Zwei Wochen lang lief die Anbindung am Leitsystem ohne Probleme. Seit 4 Tagen leuchtet bei der CPU die rote LED SF. Das Leitsystem bekommt keine Informationen mehr von meiner Steuerung. Ich kann bei der CP341 kein Diagnosepuffer anschauen, funktioniert nur bei der CPU. Der Diagnosepuffer der CPU ruft den OB122 siehe im Anhang.
Was könnte das sein? Liegt das Problem beim Leitsystem, CPU, oder bei CP341?


----------



## uncle_tom (6 Mai 2009)

Servus,

deine CPU liefert beim Zugriff auf deinen CP341 eine Peripheriezugriffsfehler (Peripheriebereich 256 und folgende; daher wird ja auch der OB122 aufgerufen).

So wie´s aussieht scheint dein CP341 entweder defekt zu sein oder an der Parametrierung stimmt etwas nicht.

Hast du schon mal die Hardware-Settings neu geladen ?

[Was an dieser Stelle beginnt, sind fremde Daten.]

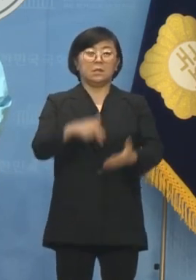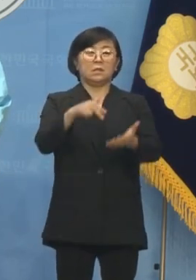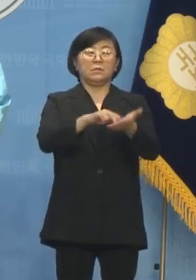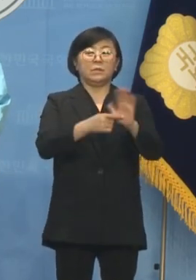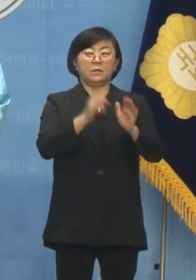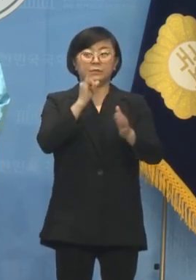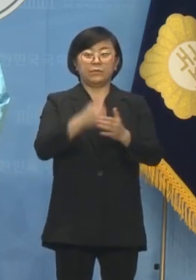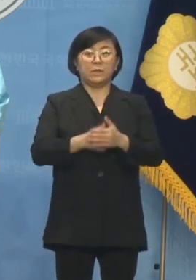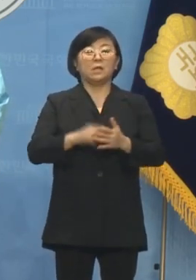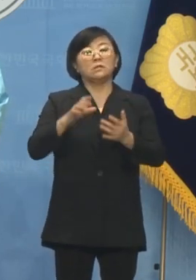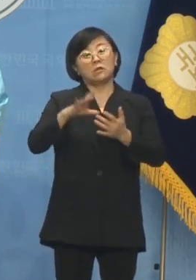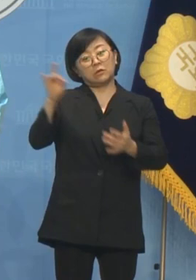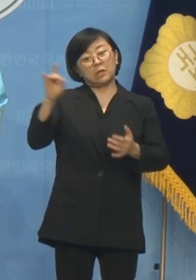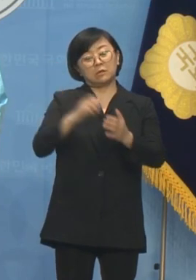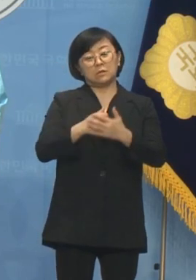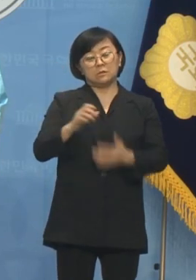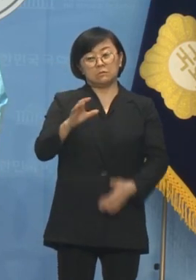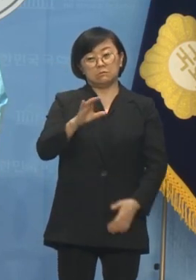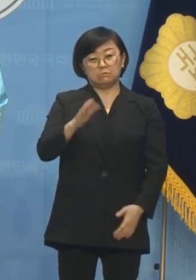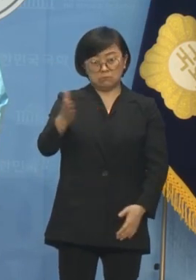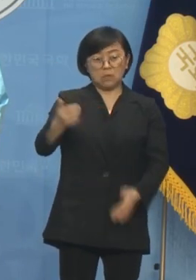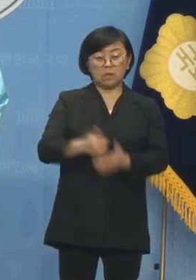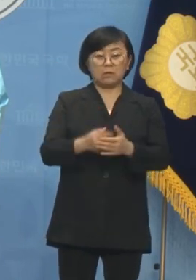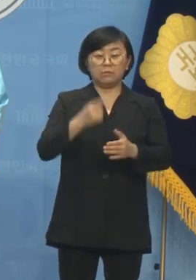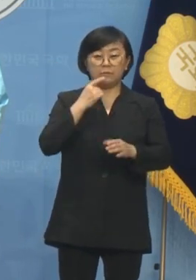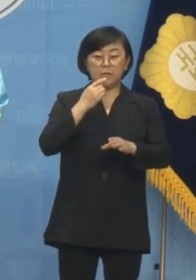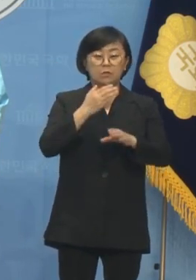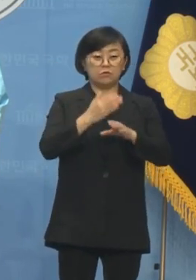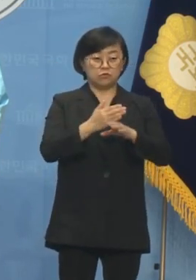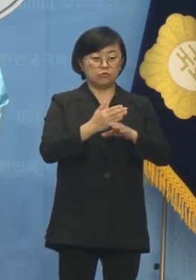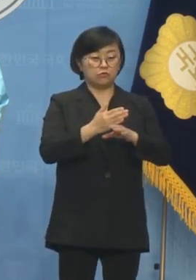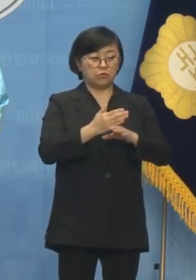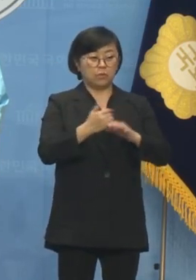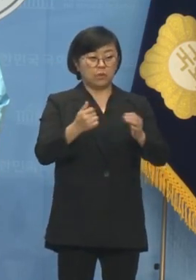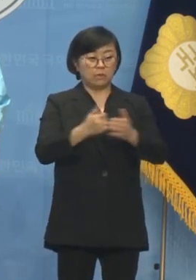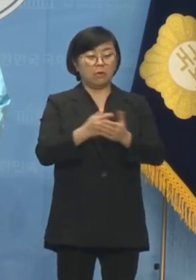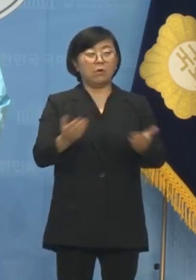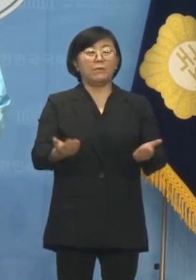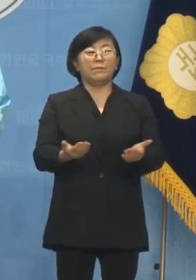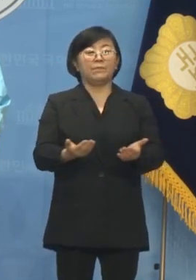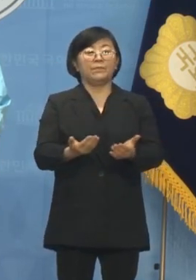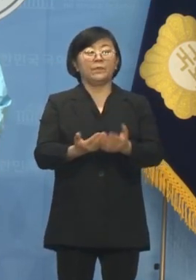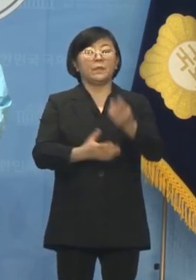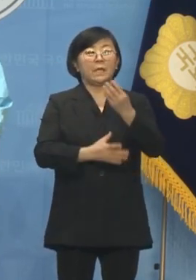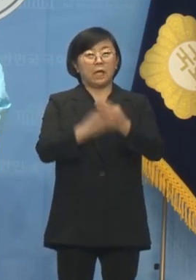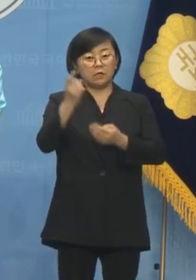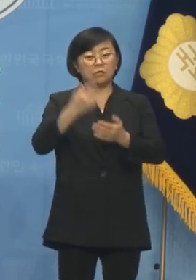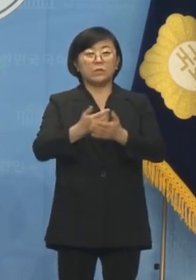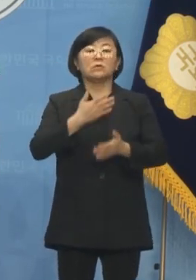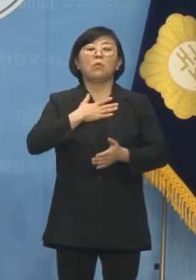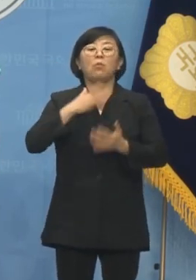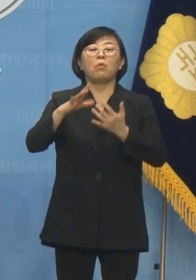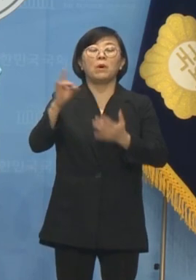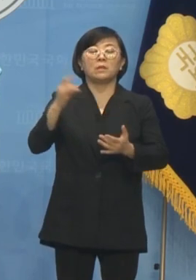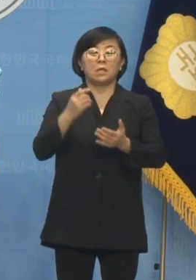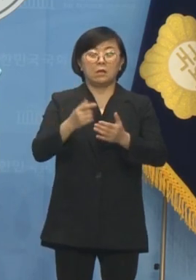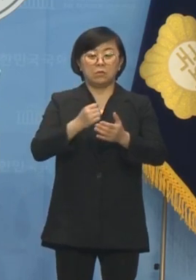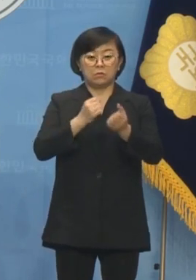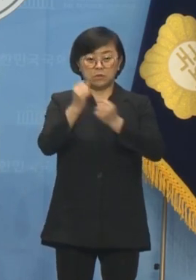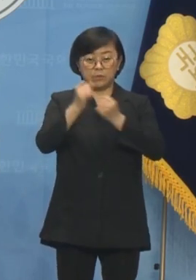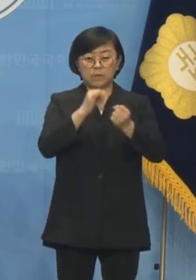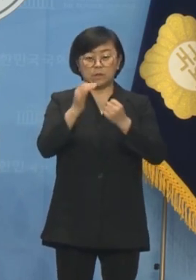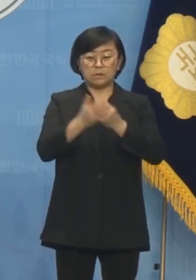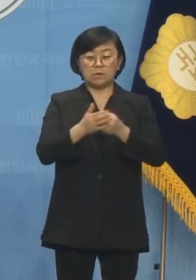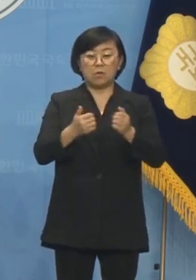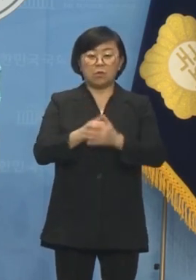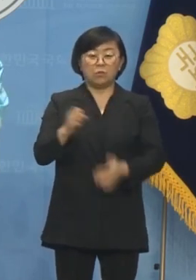합니다. 그래서 선택은 이상규로 해달라고 민주진보 단일후보의 적임자는 이상규다라고 기자회견을 했었습니다. 그리고 3월 4일 날

Der CP341 hat ja ne eigene Spannungsversorgung, ist die evtl. ausgefallen bzw. leuchtet am CP341 irgend eine LED ?

Geh mal im Step7-Manager mit der rechten Maustaste auf die CPU314 und wähl den Menüpunkt Hardware Diagnostizieren - wird da der CP341 als gestört gemeldet ?

Mfg
uncle_tom


----------



## Pinguino (7 Mai 2009)

Die CP341 besitzt eine eigene Spannungsversorgung 24VDC. Die Speisung ist nicht ausgefallen. Beim CP341 leuchtet kein LED.
Es kann doch nicht sein dass die CP341 Karte schon defekt ist, ich habe sie von etwa 2 Wochen ausgewechselt.

Was meinst du damit die Hardware-Settings neu laden?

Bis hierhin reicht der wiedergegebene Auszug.